Many metering vendors attempt to address resilience by increasing hardware capacity, for example by adding larger flash memory to accommodate frequent data backups. However, this approach raises the bill of materials by $1–$5 per device and adds unnecessary hardware complexity. A more efficient alternative is to engineer resilience through software, using lightweight, embedded systems designed to maximize data integrity, fault tolerance, and storage efficiency without inflating hardware costs.

Flash-aware, transactional, copy-on-write file systems are essential here. Tuxera’s solutions manage flash wear, handle high-frequency data logging, and recover rapidly from sudden power losses. Unlike traditional journaling file systems, which require time-consuming replays on every reboot, these file systems can recover in as little as 20 ms while maintaining 100% data integrity, even after enduring a large number of power interruptions. This enables accurate billing and immediate service resumption, no matter how unstable the grid environment may be.

Our file systems achieve this resilience through dynamic transaction points and copy-on-write mechanisms. These techniques safeguard the consistency of both metadata and user data. They ensure that the system can always return to a known good state without lengthy disk checks or manual intervention, minimizing downtime and service disruption.

Importantly, these file systems are designed for minimal resource use. In the highly constrained environments typical of smart meters, solutions like the Tuxera Edge File System can operate with as little as 4 KB of RAM and 11 KB of ROM, delivering robust performance without demanding additional hardware or expanding the device footprint.

Many smart meters run on proprietary or real-time operating systems, including custom variants developed by OEMs. Because of this, file systems must be portable and easily adaptable to diverse platforms. This gives OEMs greater flexibility to modify or upgrade their hardware designs without having to overhaul their file systems or embedded software.

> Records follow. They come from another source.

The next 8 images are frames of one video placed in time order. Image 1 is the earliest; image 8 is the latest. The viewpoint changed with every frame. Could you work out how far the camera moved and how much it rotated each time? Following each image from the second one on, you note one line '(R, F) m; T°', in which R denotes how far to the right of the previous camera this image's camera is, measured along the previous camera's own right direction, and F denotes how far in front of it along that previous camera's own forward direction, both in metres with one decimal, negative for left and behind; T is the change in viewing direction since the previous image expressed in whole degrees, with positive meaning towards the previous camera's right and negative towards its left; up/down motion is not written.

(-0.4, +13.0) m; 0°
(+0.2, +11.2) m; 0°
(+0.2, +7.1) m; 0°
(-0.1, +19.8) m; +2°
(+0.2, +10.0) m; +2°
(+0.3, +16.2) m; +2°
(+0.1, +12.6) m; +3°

While porting may still be required, using a portable file system reduces reliance on in-house development and minimizes the engineering overhead. By relying on proven, adaptable file system architectures, manufacturers can streamline integration, avoid costly re-architecture, and accelerate time-to-market while maintaining system reliability.

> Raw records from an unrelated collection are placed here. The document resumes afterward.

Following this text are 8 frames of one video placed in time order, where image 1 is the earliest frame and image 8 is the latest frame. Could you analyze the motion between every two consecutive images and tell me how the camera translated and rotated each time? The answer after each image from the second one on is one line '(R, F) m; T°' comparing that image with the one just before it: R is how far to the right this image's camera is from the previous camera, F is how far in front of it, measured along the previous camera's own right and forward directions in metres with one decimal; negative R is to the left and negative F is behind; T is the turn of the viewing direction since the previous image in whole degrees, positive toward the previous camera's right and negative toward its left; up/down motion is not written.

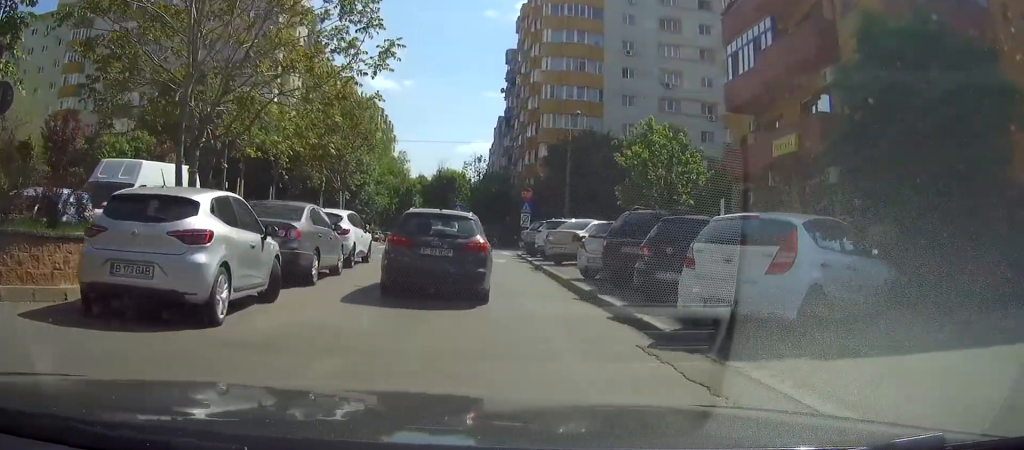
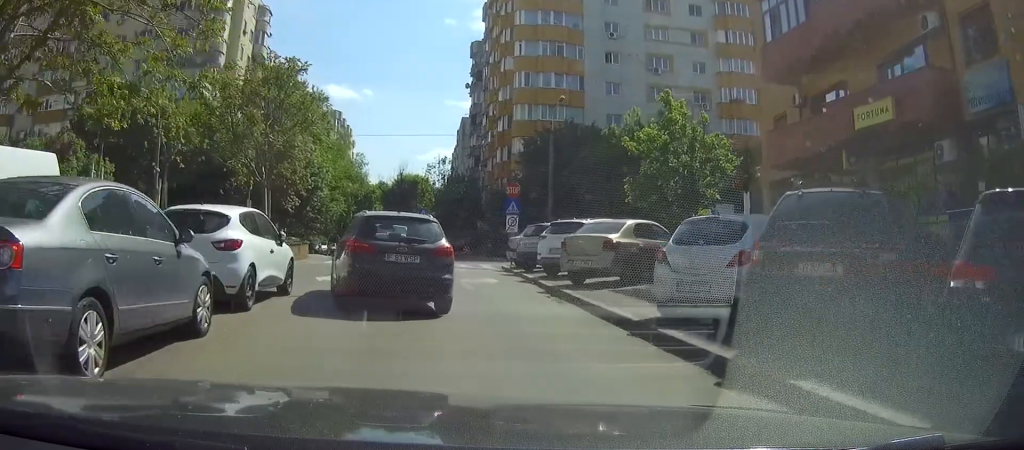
(+0.7, +7.8) m; +2°
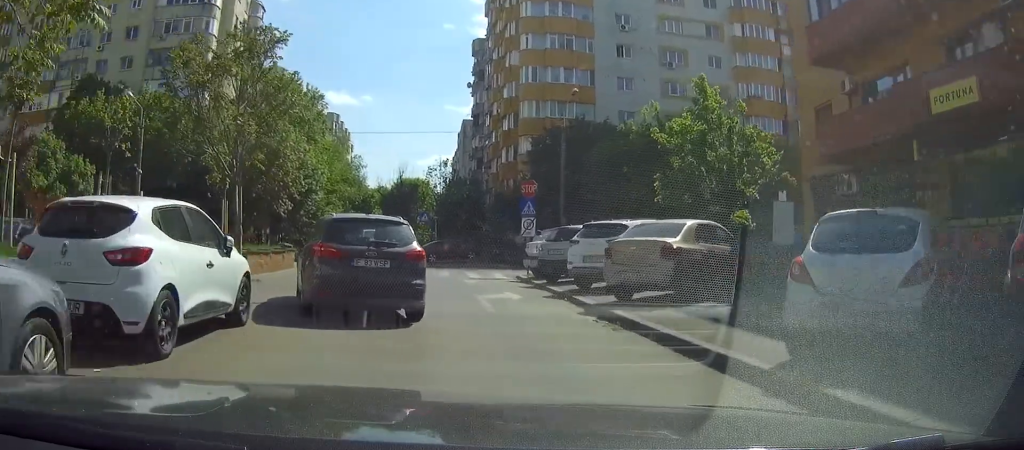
(-0.1, +3.0) m; -2°
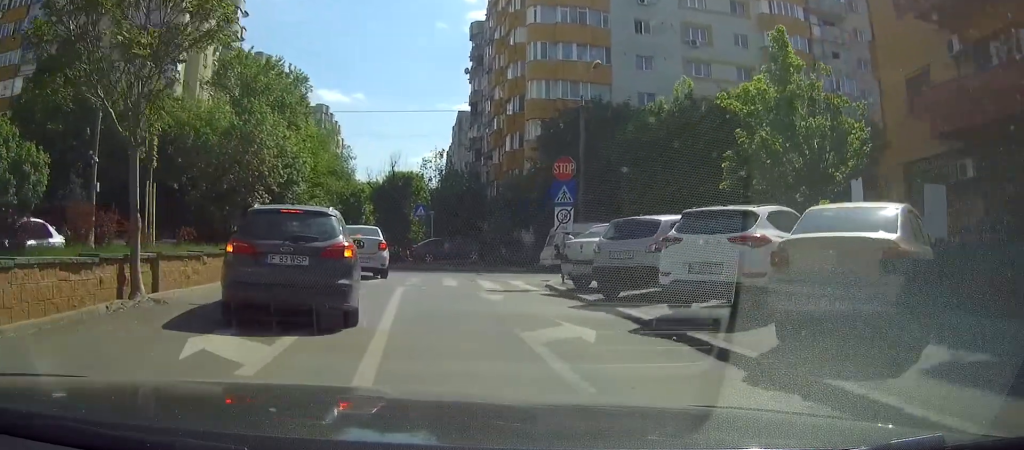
(-0.2, +5.6) m; -3°
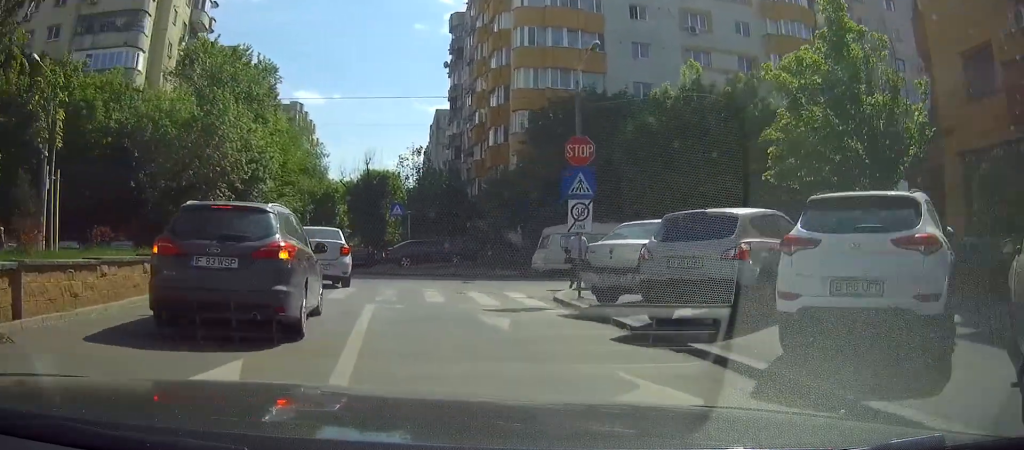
(0.0, +3.7) m; -1°
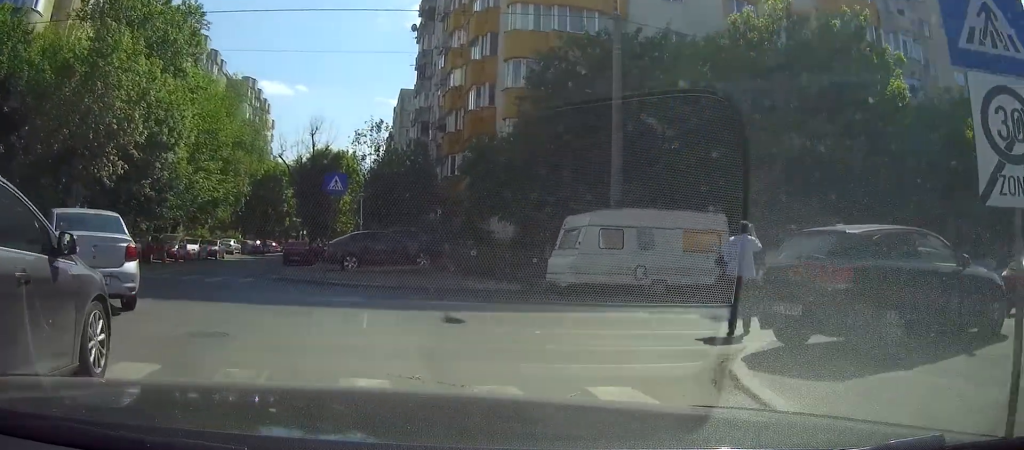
(0.0, +11.1) m; 0°
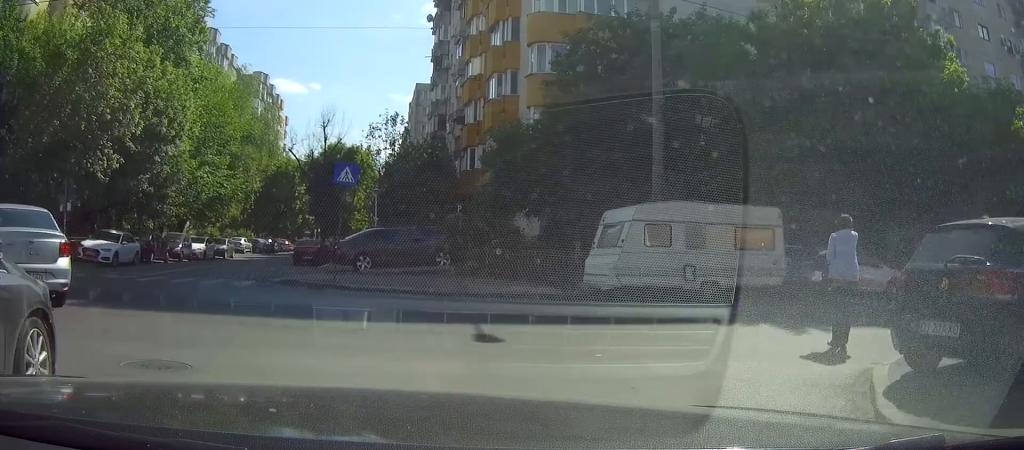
(0.0, +2.2) m; 0°
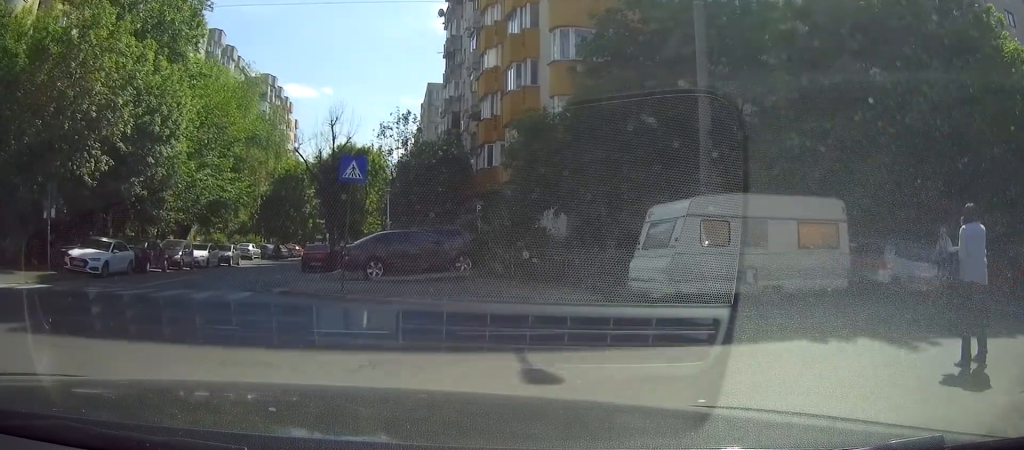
(0.0, +2.1) m; 0°

Overall, these software solutions enable smart meter manufacturers to extend device lifespans from 18 years to over 30 years, significantly reduce maintenance costs and unexpected replacements, and ensure consistent, reliable data accuracy throughout the meters’ operational life. This helps utilities and OEMs stay compliant with evolving regulatory demands and meet their long-term ESG commitments.

Key Takeaways

As the energy and water sectors become increasingly digital, resilient embedded design will determine which smart meter manufacturers lead the field. For engineers, this calls for a shift to a systems-level mindset that treats software not as an afterthought but as a core enabler of device performance and longevity.

For business leaders, it means treating data integrity not as a technical challenge but as a business-critical capability. By embedding intelligence into the heart of smart meters, the industry can reduce data errors and deliver on the full promise of infrastructure modernization.